[I18n-sig] JapaneseCodecs 1.1 with ISO-2022-JP codec
Martin v. Loewis
martin@loewis.home.cs.tu-berlin.de
Fri, 24 Nov 2000 22:28:38 +0100
> ReadStream.readline() reads lines by calling readline() of
> the underlying stream object, and converts them into Unicode
> objects. Therefore, line breaking is done in the layer of
> native encodings. I believe it works well for at least the
> three Japanese encodings.
That is the case that may make trouble.
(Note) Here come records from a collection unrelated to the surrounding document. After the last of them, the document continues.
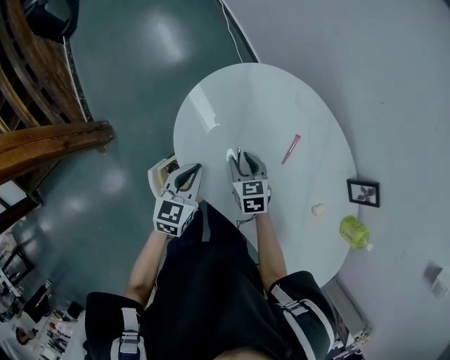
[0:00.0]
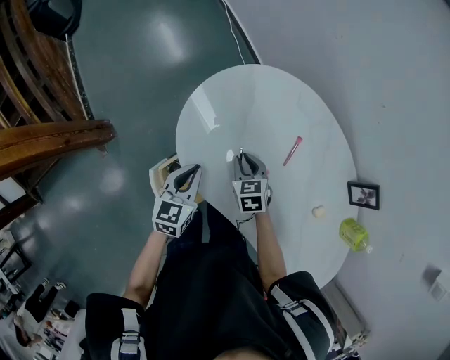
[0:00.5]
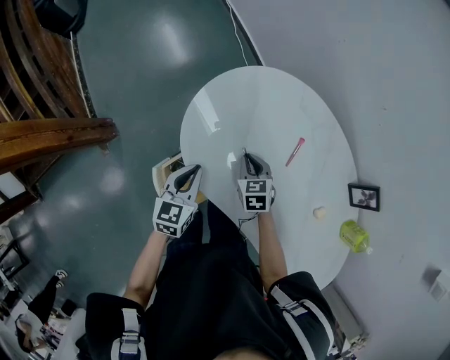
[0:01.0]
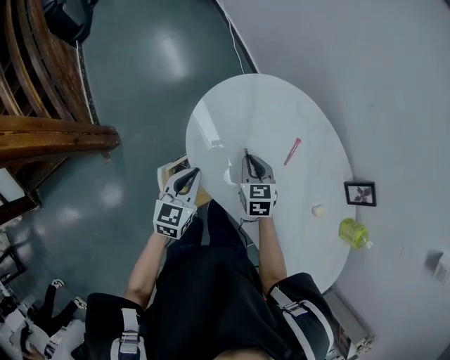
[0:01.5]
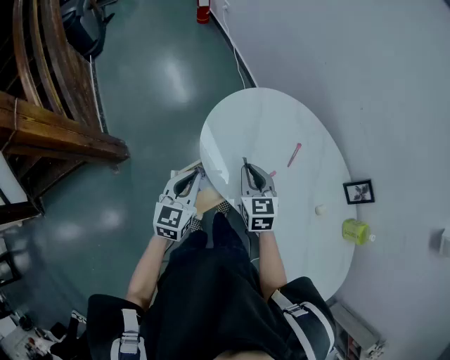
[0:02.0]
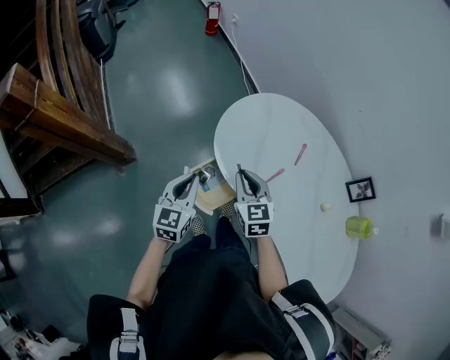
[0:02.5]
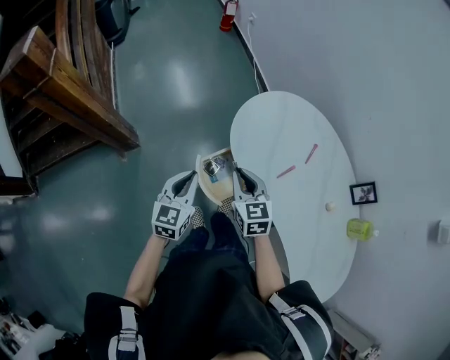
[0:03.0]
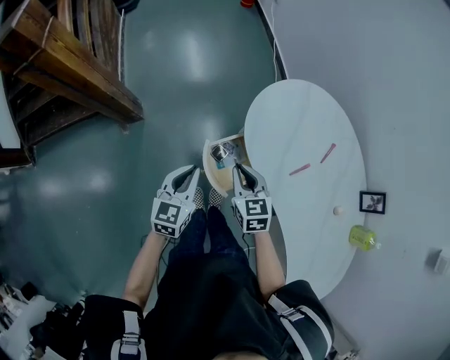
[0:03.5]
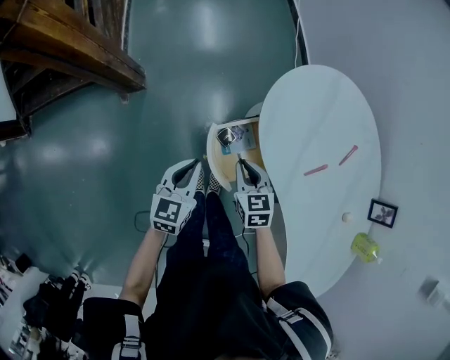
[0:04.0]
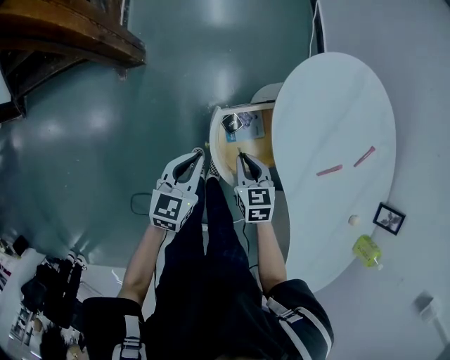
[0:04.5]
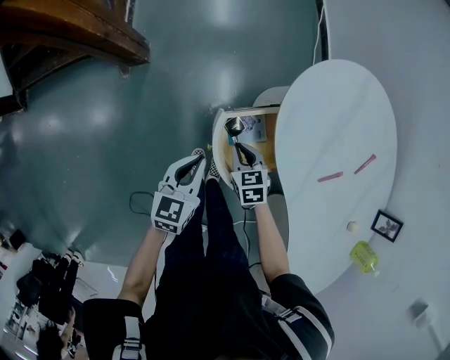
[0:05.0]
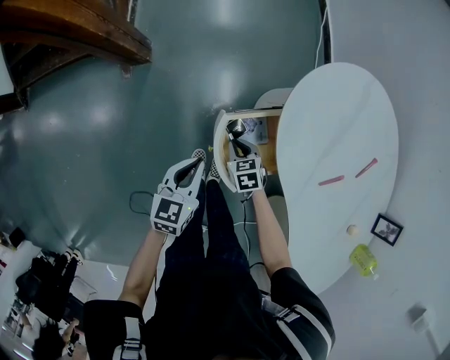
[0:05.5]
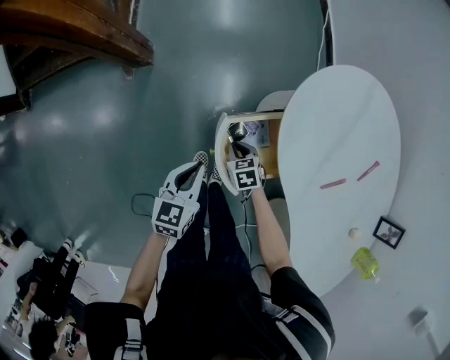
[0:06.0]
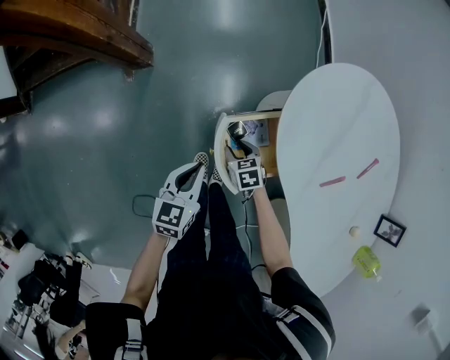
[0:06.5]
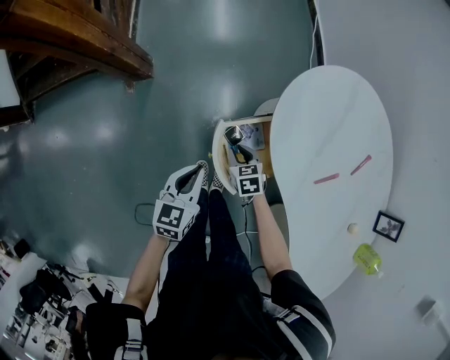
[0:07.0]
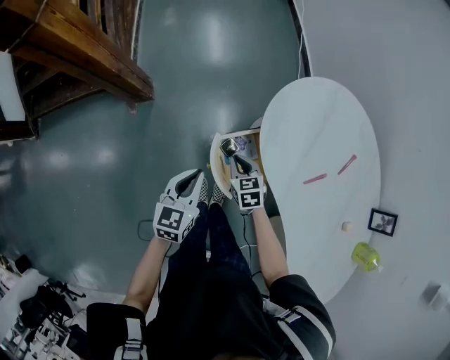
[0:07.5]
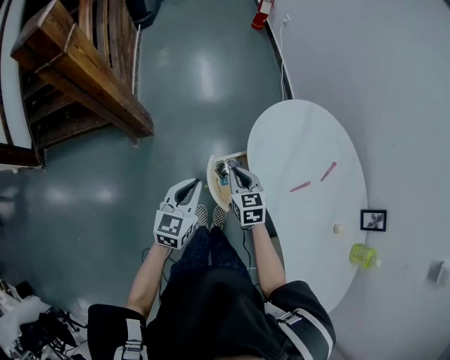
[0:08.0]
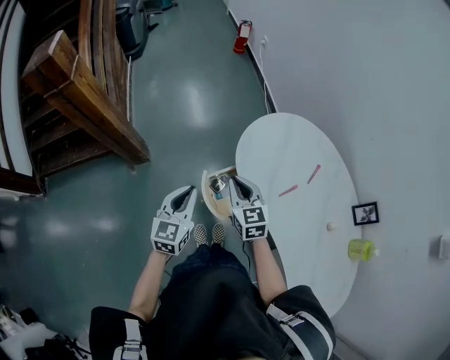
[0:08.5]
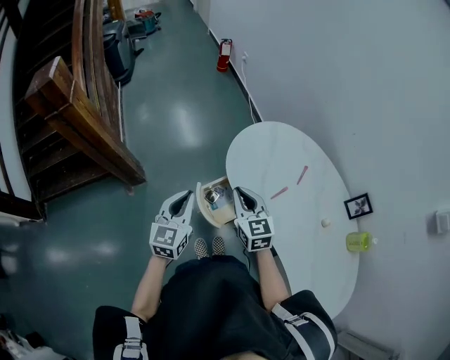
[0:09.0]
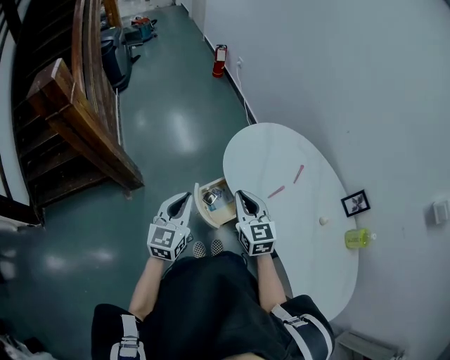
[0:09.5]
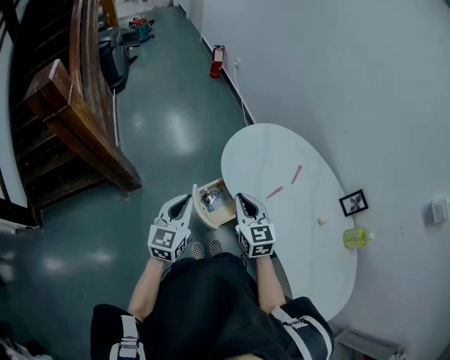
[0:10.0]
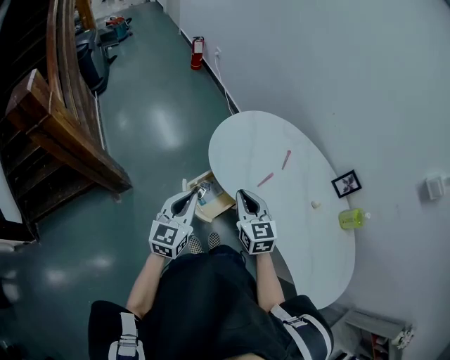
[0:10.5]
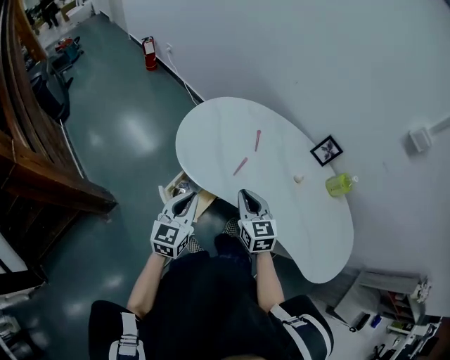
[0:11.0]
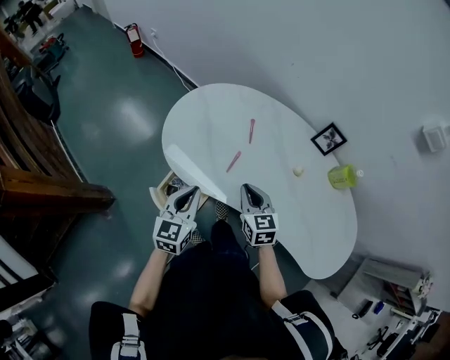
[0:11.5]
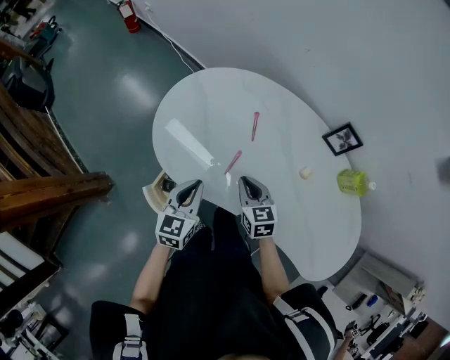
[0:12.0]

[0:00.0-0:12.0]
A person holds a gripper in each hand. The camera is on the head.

Consider u"Hello\nWorld" in
UTF-16LE; it is
H \0 e \0 l \0 l \0 o \0 \n \0 W \0 r \0 l \0 d \0
Now, if you do readline on the underlying stream, you get
H \0 e \0 l \0 l \0 o \0 \n
Passing that to the UTF-16 decoder causes an exception: this is an
uneven number of bytes, which is illegal in UTF-16 (it should have
read \n\0 instead).
I was merely asking for confirmation that this is not a problem in
your encodings (i.e. the byte \012 always means newline, no matter
where it appears in the encoding).
> However, ReadStream.readlines() reads a Unicode character sequence
> by calling ReadStream.read() internally, and breaks it into a set of
> lines by looking for a CR. Is there a case that this does not work?
No, that should work just fine.
Thanks,
Martin